10 Reasons Why New Year’s Resolutions Fail

10 Reasons Why New Year’s Resolutions Fail

A new year beautifully symbolizes a new chapter opening in the book that is your life. But while so many people like you aspire to achieve ambitious goals, only 12% of you will ever experience the taste of victory. Sound bad? It is. 156 million people (that’s 156,000,000) will probably give up on their resolution before you can say “confetti.” Keep on reading to learn why New Year’s resolutions fail (and how to succeed).

Note: Since losing weight is the most common New Year’s resolution, I chose to focus on weight loss (but these principles can be applied to just about any goal you think of — make it work for you!).

1. You’re treating a marathon like a sprint.

Slow and steady habit change might not be sexy, but it’s a lot more effective than the “I want it ALL and I want it NOW!” mentality. Small changes stick better because they aren’t intimidating (if you do it right, you’ll barely even notice them!).

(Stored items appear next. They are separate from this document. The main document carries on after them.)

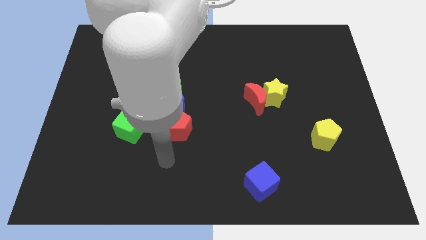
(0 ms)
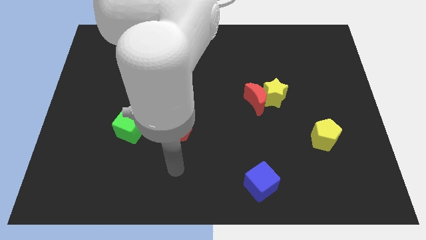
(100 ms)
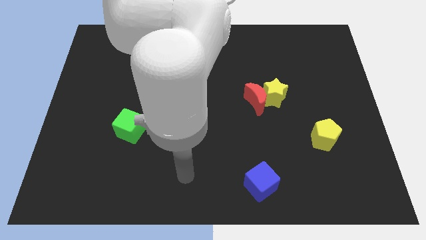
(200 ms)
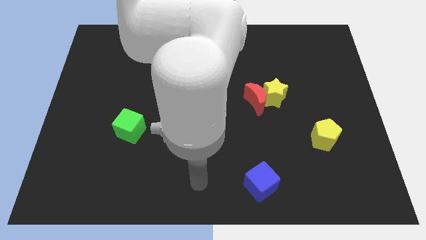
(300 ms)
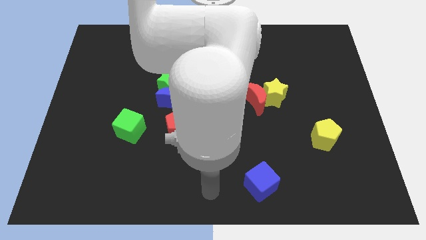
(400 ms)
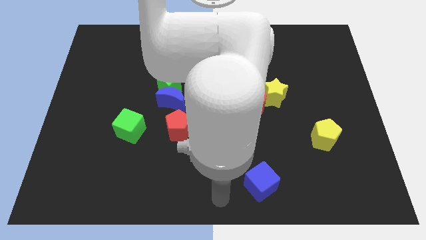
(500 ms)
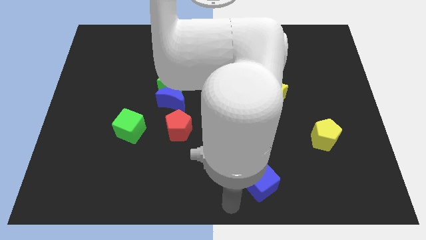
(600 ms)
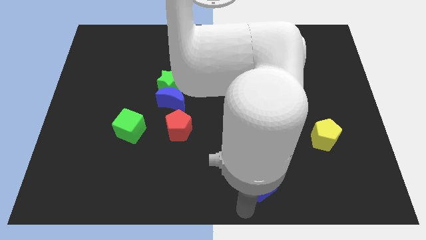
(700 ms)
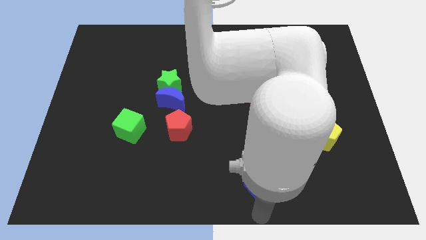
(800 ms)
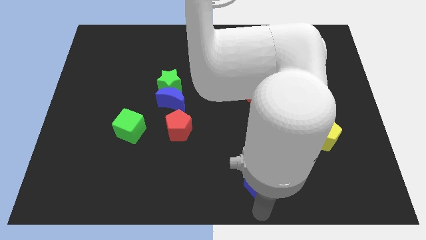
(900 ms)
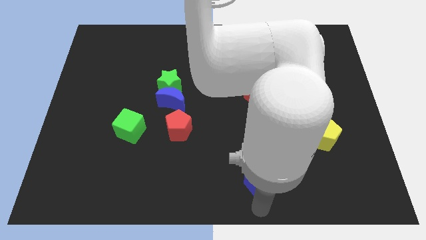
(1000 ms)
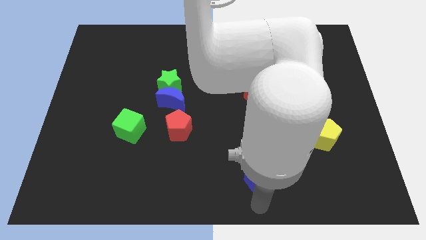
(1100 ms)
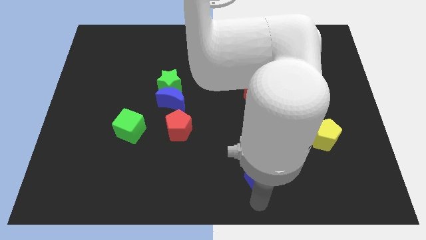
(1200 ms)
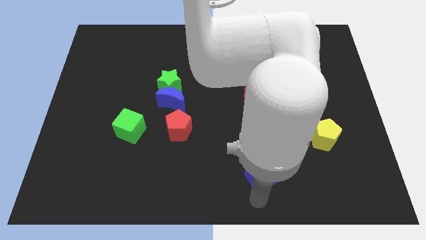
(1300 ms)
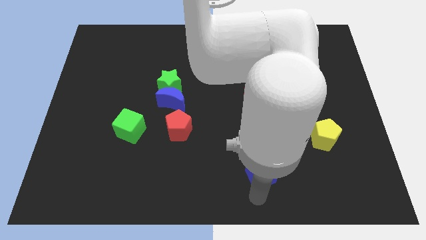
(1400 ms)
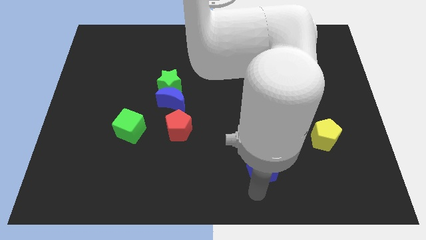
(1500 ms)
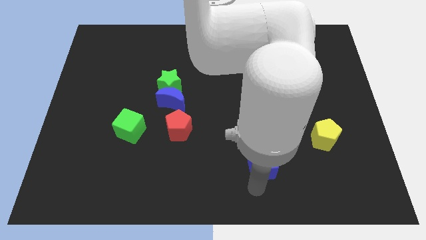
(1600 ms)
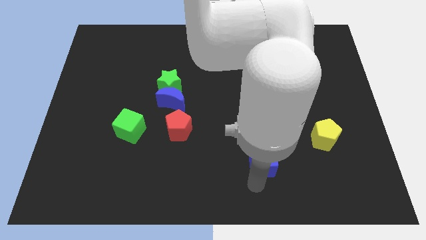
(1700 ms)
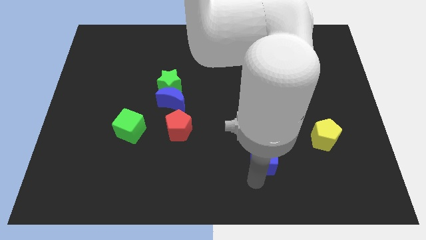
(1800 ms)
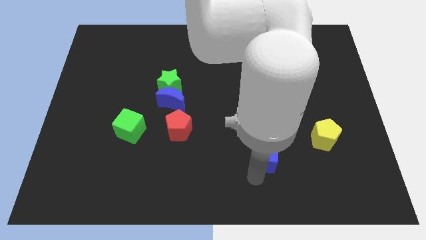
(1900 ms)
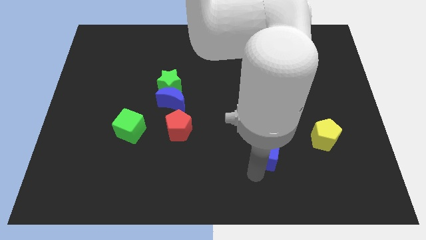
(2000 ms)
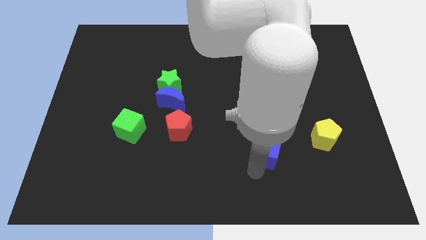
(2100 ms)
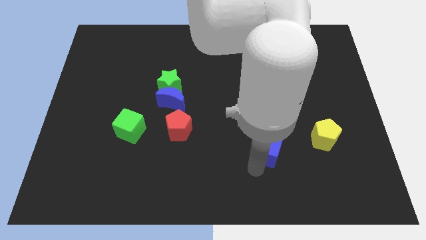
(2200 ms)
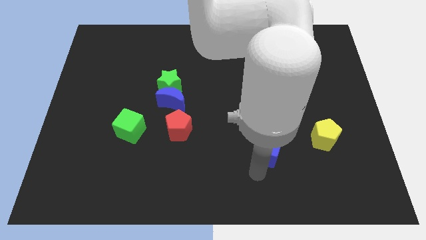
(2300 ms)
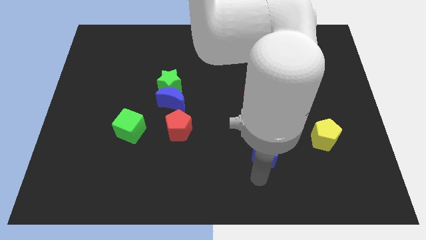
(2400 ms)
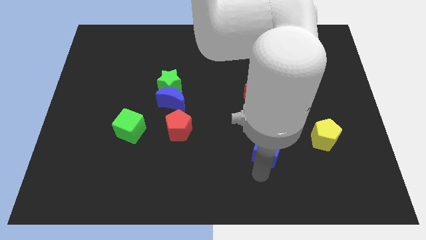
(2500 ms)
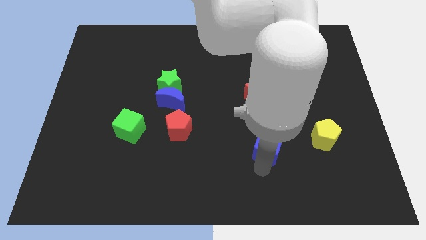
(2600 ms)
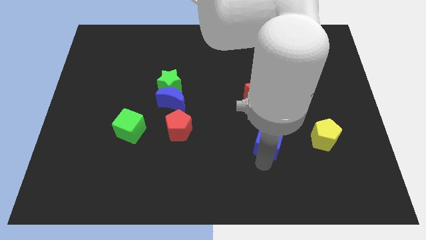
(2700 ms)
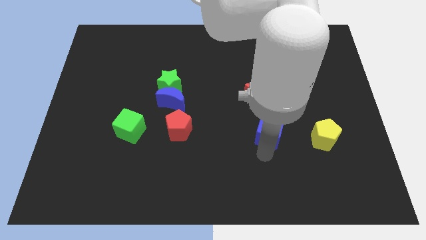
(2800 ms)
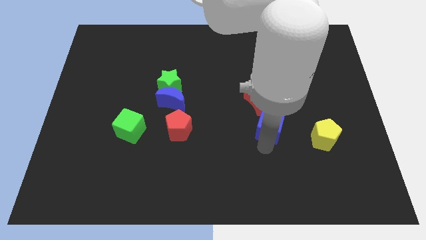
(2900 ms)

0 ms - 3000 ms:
push the blue cube to the bottom right of the red moon

If you have a lot of bad habits today, the last thing you need to do is remodel your entire life overnight. Want to lose weight? Stop it with the crash diets and excessive exercise plans. Instead of following a super restrictive plan that bans anything fun, add one positive habit per week. For example, you could start with something easy like drinking more water during your first week. The following week, you could move on to eating 3 fruits and veggies every day. And the next week, you could aim to eat a fistful of protein at every meal.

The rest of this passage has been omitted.